(Provided records):
╔══

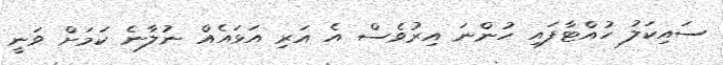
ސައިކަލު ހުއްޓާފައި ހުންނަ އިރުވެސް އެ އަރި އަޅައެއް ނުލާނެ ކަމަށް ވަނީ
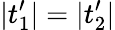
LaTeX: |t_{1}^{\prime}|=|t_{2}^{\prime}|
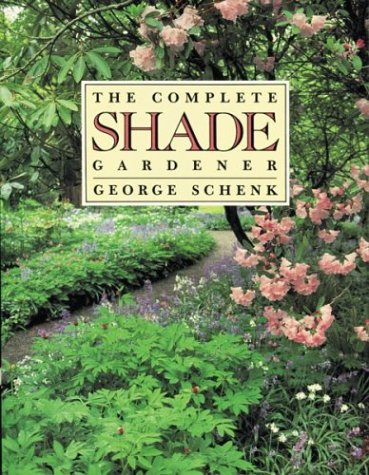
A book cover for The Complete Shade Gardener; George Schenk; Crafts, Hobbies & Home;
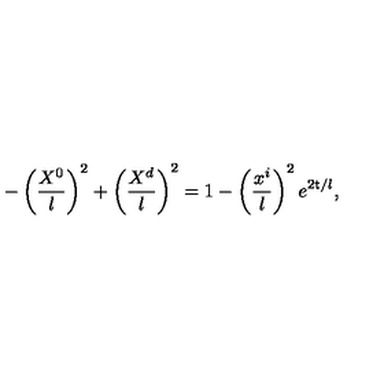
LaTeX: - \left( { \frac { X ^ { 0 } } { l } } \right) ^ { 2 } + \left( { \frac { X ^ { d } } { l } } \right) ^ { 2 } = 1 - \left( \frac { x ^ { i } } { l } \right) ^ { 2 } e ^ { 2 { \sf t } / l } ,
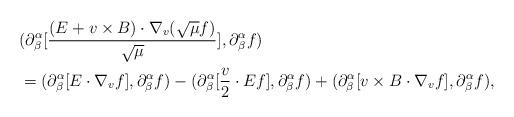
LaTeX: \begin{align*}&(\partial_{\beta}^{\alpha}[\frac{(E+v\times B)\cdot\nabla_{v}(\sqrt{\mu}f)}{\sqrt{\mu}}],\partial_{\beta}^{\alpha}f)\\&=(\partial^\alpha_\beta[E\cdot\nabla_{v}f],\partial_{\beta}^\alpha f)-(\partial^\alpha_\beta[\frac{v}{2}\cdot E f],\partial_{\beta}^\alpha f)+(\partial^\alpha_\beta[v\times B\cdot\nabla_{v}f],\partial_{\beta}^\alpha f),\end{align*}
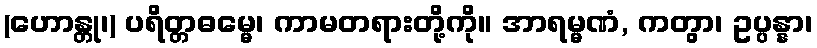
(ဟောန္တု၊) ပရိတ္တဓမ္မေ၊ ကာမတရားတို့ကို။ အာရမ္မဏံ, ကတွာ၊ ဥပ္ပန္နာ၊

╚══
╔══

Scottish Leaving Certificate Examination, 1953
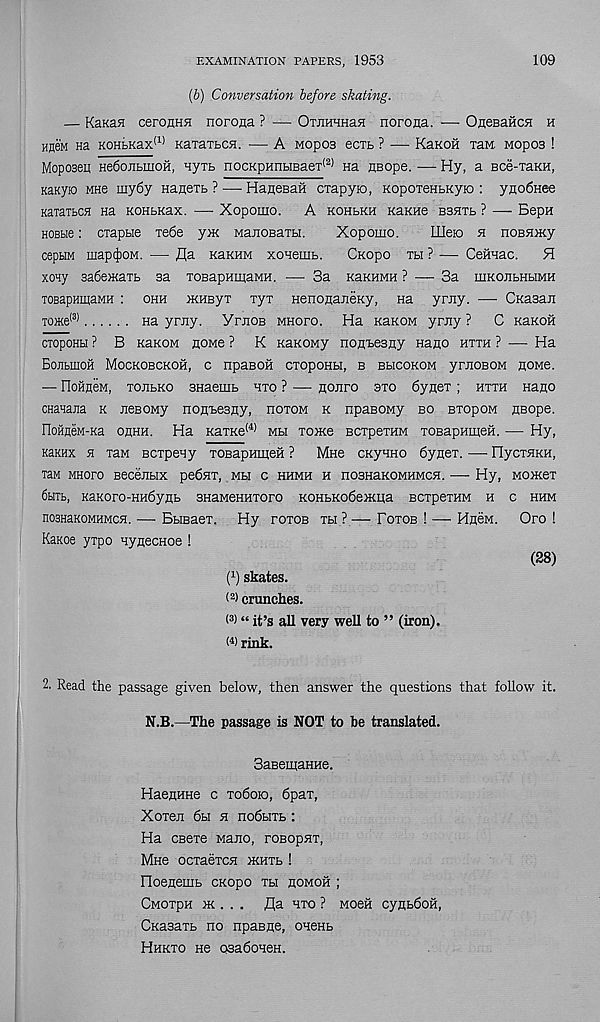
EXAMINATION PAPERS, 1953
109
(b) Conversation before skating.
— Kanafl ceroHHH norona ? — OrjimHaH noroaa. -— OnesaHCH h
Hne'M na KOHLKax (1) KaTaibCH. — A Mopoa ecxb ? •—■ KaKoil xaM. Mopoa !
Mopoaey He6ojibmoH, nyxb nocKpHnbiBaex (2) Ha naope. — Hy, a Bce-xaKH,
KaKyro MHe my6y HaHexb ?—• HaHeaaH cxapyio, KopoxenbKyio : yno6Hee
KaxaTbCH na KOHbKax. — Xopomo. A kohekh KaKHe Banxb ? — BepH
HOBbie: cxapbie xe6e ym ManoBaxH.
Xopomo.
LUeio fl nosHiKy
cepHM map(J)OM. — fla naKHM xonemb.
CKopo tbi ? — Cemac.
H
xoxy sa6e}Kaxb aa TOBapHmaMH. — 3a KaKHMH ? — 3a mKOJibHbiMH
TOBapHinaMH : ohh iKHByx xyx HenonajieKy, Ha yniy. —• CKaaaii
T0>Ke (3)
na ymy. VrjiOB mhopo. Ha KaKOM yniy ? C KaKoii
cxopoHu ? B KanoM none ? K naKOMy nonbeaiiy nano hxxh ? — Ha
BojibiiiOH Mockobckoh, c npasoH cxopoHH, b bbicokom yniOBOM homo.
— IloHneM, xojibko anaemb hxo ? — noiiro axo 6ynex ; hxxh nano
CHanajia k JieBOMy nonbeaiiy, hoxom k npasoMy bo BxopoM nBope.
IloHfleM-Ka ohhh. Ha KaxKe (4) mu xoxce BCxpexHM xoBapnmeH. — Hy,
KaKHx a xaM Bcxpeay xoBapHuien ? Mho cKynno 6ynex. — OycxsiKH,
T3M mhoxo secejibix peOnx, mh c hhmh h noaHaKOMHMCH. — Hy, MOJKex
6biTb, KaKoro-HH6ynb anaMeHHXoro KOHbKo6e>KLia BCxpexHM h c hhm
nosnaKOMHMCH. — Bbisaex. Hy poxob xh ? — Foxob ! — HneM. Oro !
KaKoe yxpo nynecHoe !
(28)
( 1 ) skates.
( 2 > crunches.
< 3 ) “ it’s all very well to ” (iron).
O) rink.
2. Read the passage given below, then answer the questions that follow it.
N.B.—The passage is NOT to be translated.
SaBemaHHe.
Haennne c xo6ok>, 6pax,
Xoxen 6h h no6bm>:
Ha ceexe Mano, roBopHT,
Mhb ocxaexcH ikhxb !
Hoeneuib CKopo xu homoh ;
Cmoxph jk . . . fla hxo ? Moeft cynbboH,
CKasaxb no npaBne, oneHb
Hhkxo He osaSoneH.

╚══

The entries above hold a line with "2. Read the" and a later line with "Hhkxo He osaSoneH.". Write out exactly those lines and all lines between, nothing more.

(Result):
2. Read the passage given below, then answer the questions that follow it.
N.B.—The passage is NOT to be translated.
SaBemaHHe.
Haennne c xo6ok>, 6pax,
Xoxen 6h h no6bm>:
Ha ceexe Mano, roBopHT,
Mhb ocxaexcH ikhxb !
Hoeneuib CKopo xu homoh ;
Cmoxph jk . . . fla hxo ? Moeft cynbboH,
CKasaxb no npaBne, oneHb
Hhkxo He osaSoneH.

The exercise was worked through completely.